Что касается второго пункта – то он, очевидно, должен был убедить мирно настроенных американцев в превосходстве республиканской формы правления. Звучит он, действительно, очень красиво: «В ранние эпохи [существования] мира, согласно хронологии [Священного] Писания, королей не было; вследствие этого не было и войн… Там, где нет различий, не может быть и превосходства; совершенное равенство не допускает соблазна. Все республики Европы (и можно сказать, всегда) находятся в мире. Голландия и Швейцария обходятся без войн, как внешних, так и гражданских. Монархические правительства – те, действительно, никогда долго не остаются в покое; сама корона служит соблазном для предприимчивых негодяев внутри страны, а крайняя степень тщеславия и высокомерия, постоянно сопутствующая королевской власти, доводит до разрыва отношений с иностранными державами в тех случаях, когда республиканские правительства, основанные на более естественных принципах, мирно уладили бы недоразумения. Монархии – вот что ввергает человечество в междоусобицы»[76].

Однако возникает ощущение, что автор либо спекулировал, либо безвременно отстал от жизни где-то в том смутном времени, когда войны, действительно, велись не ради обеспечения государственных интересов, а во имя справедливости, славы или любви. Тем не менее, надо признать, для легковерных, начитавшихся старинных легенд о короле Артуре и прочих великих богатырях, или для тех, чьи предки покинули туманную Европу во времена великих географических открытий, эти доводы должны были звучать достаточно убедительно.

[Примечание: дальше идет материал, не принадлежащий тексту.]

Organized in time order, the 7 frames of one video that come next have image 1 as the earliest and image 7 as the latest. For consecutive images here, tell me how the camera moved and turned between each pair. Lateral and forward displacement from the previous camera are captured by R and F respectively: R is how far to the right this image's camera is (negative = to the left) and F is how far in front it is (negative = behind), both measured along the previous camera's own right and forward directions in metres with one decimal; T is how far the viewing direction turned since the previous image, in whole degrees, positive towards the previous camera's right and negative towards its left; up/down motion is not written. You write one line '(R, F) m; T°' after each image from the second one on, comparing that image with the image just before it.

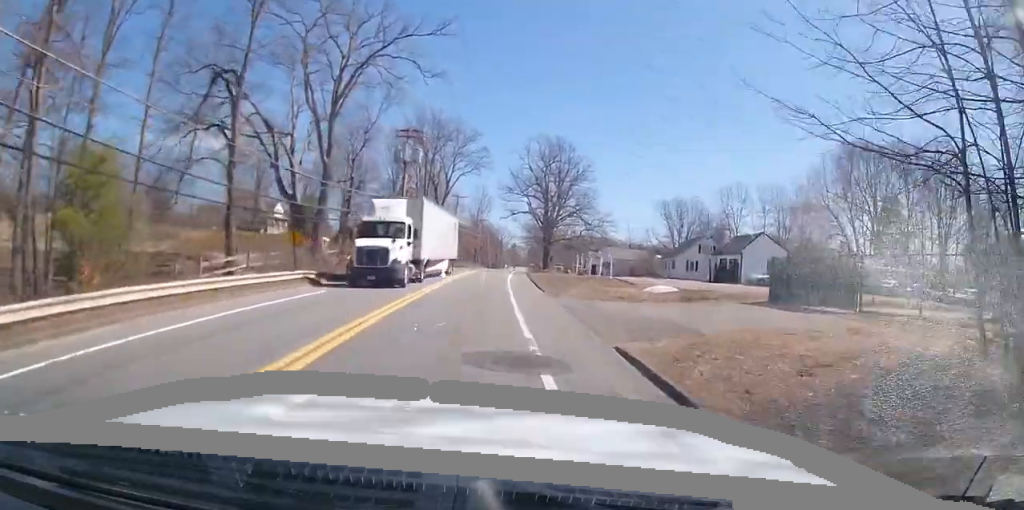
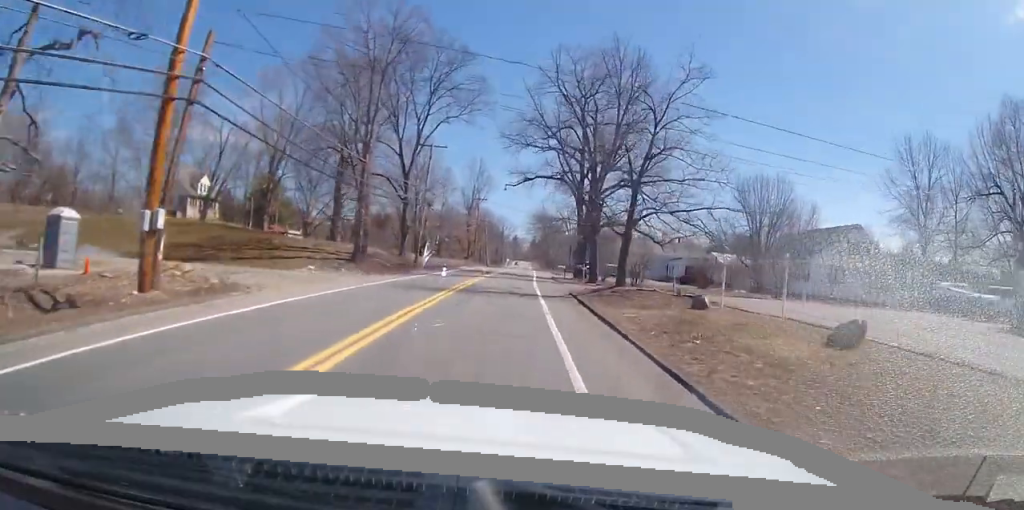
(+0.7, +35.9) m; +2°
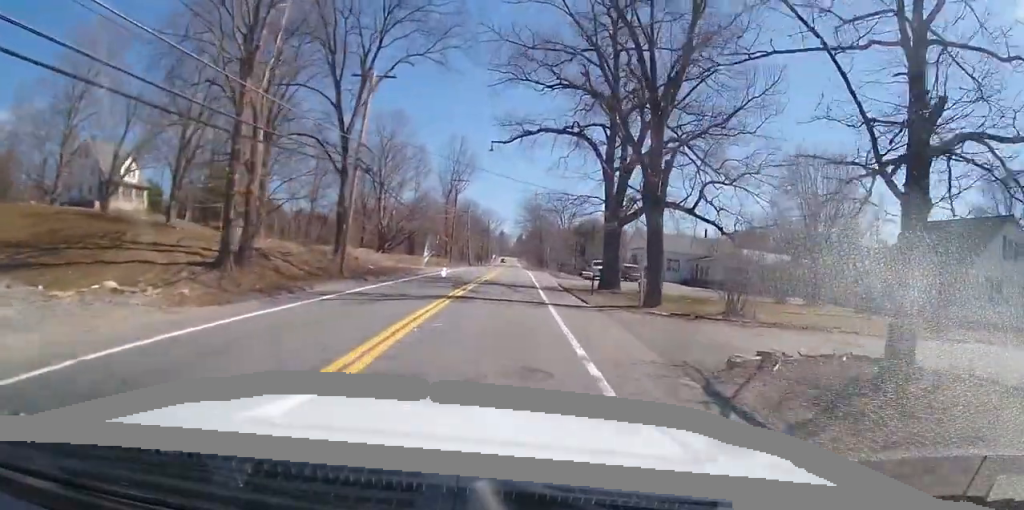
(-0.3, +19.2) m; 0°
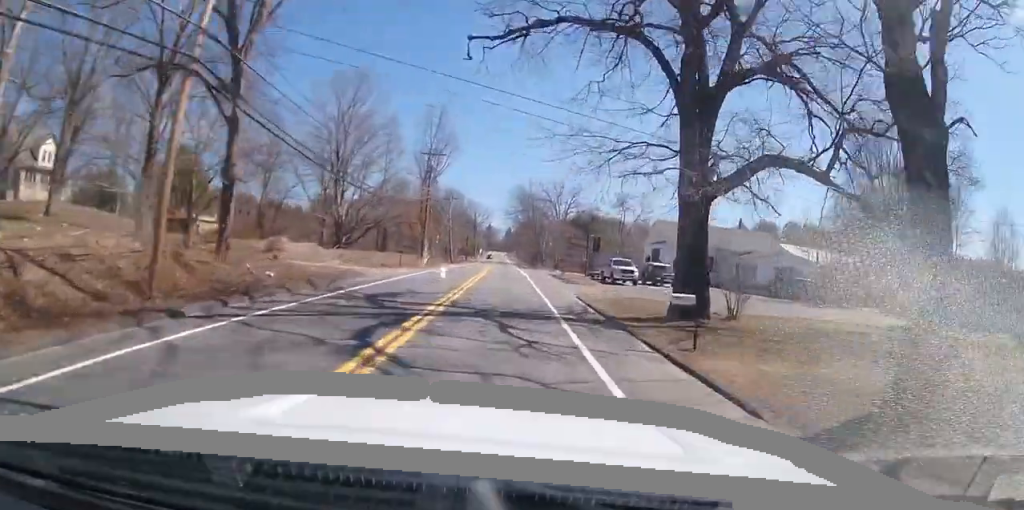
(0.0, +15.8) m; +2°
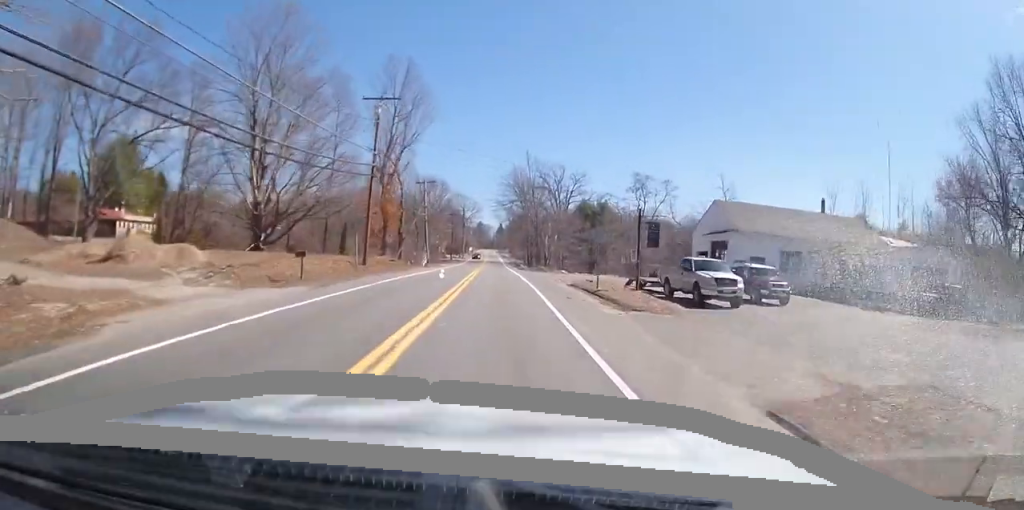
(+0.6, +19.9) m; +2°
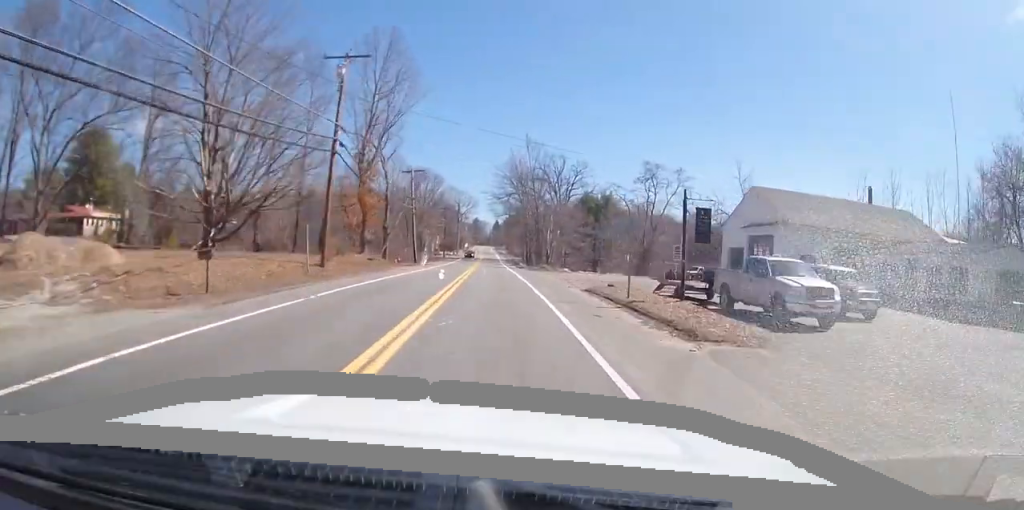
(0.0, +7.5) m; +1°
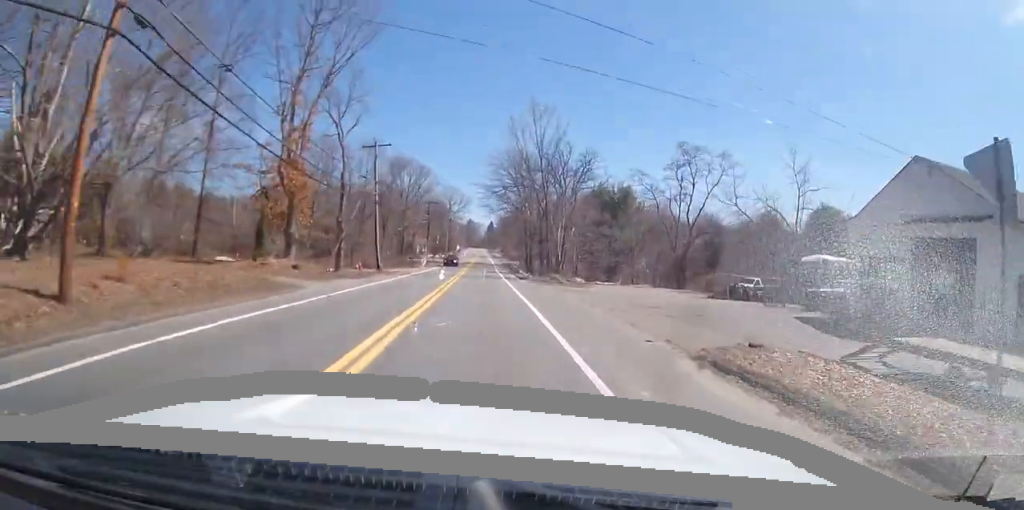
(+0.3, +16.9) m; +1°
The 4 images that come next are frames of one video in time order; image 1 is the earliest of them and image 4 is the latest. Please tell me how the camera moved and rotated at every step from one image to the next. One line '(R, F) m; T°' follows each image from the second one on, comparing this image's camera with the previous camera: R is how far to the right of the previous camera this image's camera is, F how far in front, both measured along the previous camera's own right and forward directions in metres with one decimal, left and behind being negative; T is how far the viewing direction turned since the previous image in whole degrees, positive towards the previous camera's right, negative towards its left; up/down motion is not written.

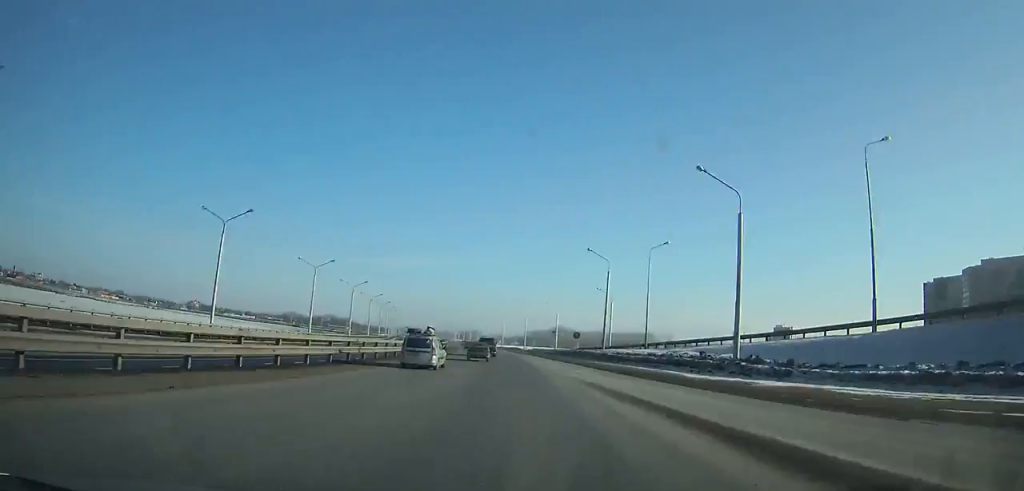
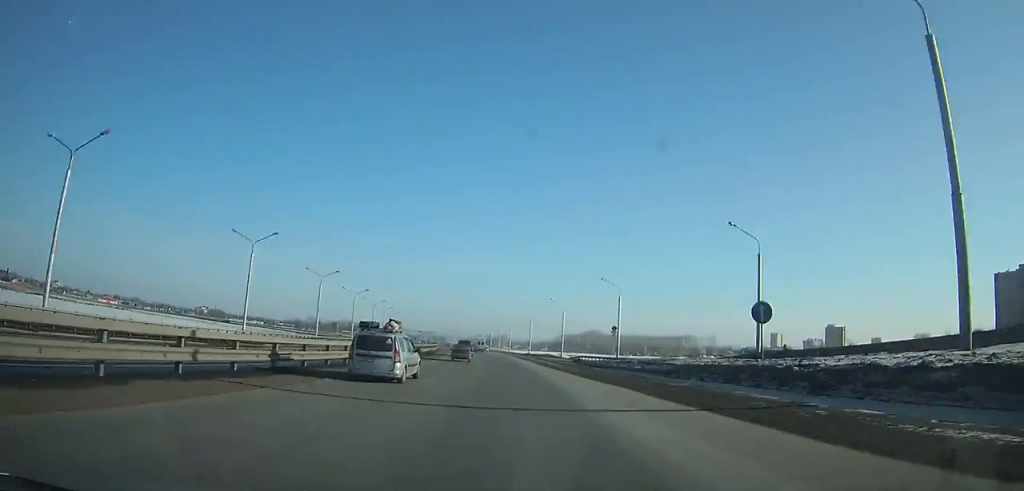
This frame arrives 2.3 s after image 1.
(-1.6, +54.0) m; -3°
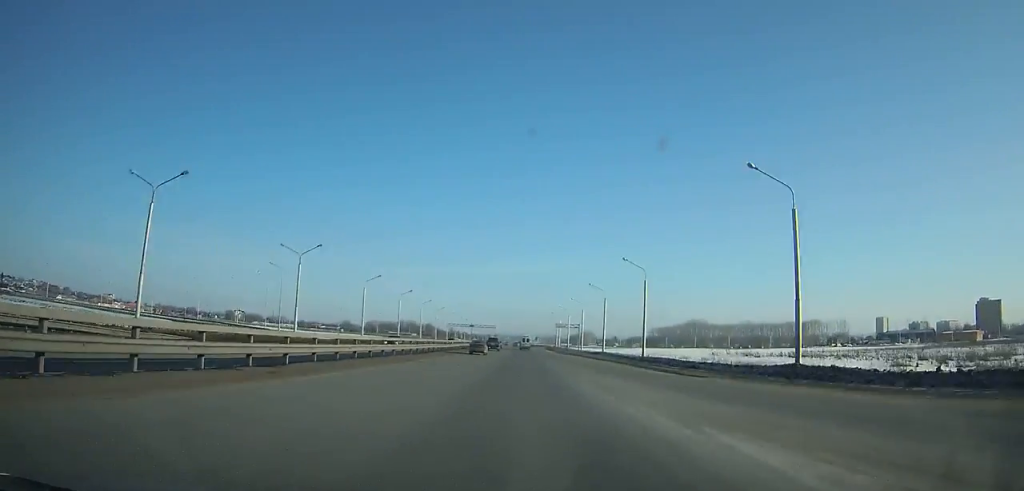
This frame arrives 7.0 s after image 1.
(-6.2, +115.4) m; -5°
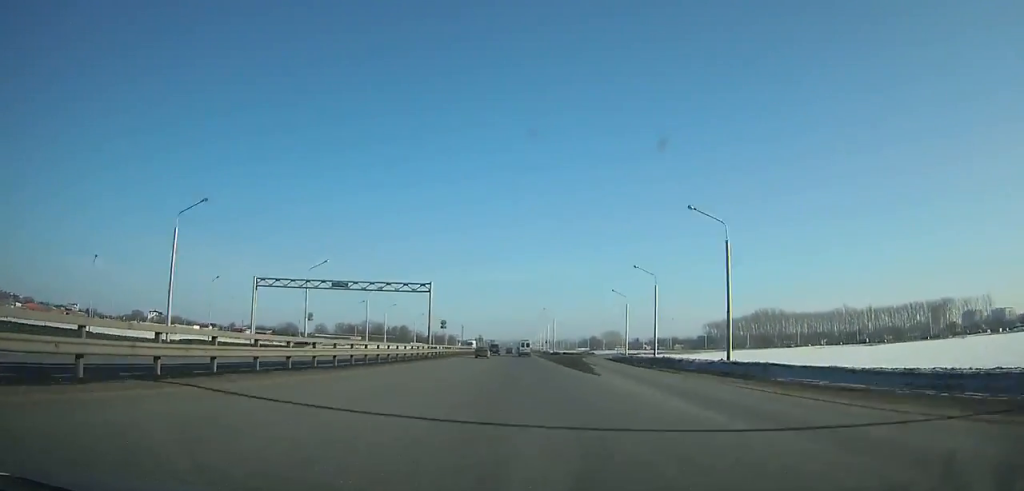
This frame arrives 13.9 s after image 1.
(-1.6, +174.0) m; -1°

Не стоит забывать, что заслуга Пейна именно в обращении к самой широкой публике.

При этом просто нет смысла обвинять философа в недостаточной аргументированности, так как далее Пейн наносил свой основной и вполне обоснованный удар по престолонаследию. «Зло монархии мы дополнили злом престолонаследия, и если первое есть ущерб и унижение для нас самих, то второе, будучи возведенным в закон, есть оскорбление и обман потомства»[77].

В первую очередь, философ опять-таки исходил из теории о естественном равенстве «по происхождению» всех людей, говоря, что «ни у кого не может быть прирожденного права давать своей семье преимущество перед всеми другими, и хотя сам человек мог заслужить известную долю почестей от своих современников, однако его потомки могут быть вовсе недостойны наследовать их»[78]. Одним из «самых сильных естественных доказательств» этого, по его мнению, являлось то, что прав престолонаследия «…не одобряет природа, иначе она так часто не обращала бы их в насмешку, преподнося человечеству осла вместо льва»[79].

Вполне справедливо сетовал он и на «другое зло, которым чревато престолонаследие», а именно, «…что трон может унаследовать несовершеннолетний любого возраста; в течение всего этого времени регентство, прикрываясь именем короля, имеет любую возможность и соблазн обманывать его доверие. Такое же национальное бедствие наступает, когда престарелый и немощный король достигает последней стадии человеческой слабости. В обоих этих случаях народ становится жертвой любого проходимца, способного с успехом пользоваться безумством младенчества или старости»[80].

Итак, разобравшись с самыми реакционными силами в лагере противника – приверженцами абсолютизма, Пейн, будучи последовательным сторонником республики, далее разрушал и сладкие грезы тех, кто мечтал об ограниченной или смешанной монархии.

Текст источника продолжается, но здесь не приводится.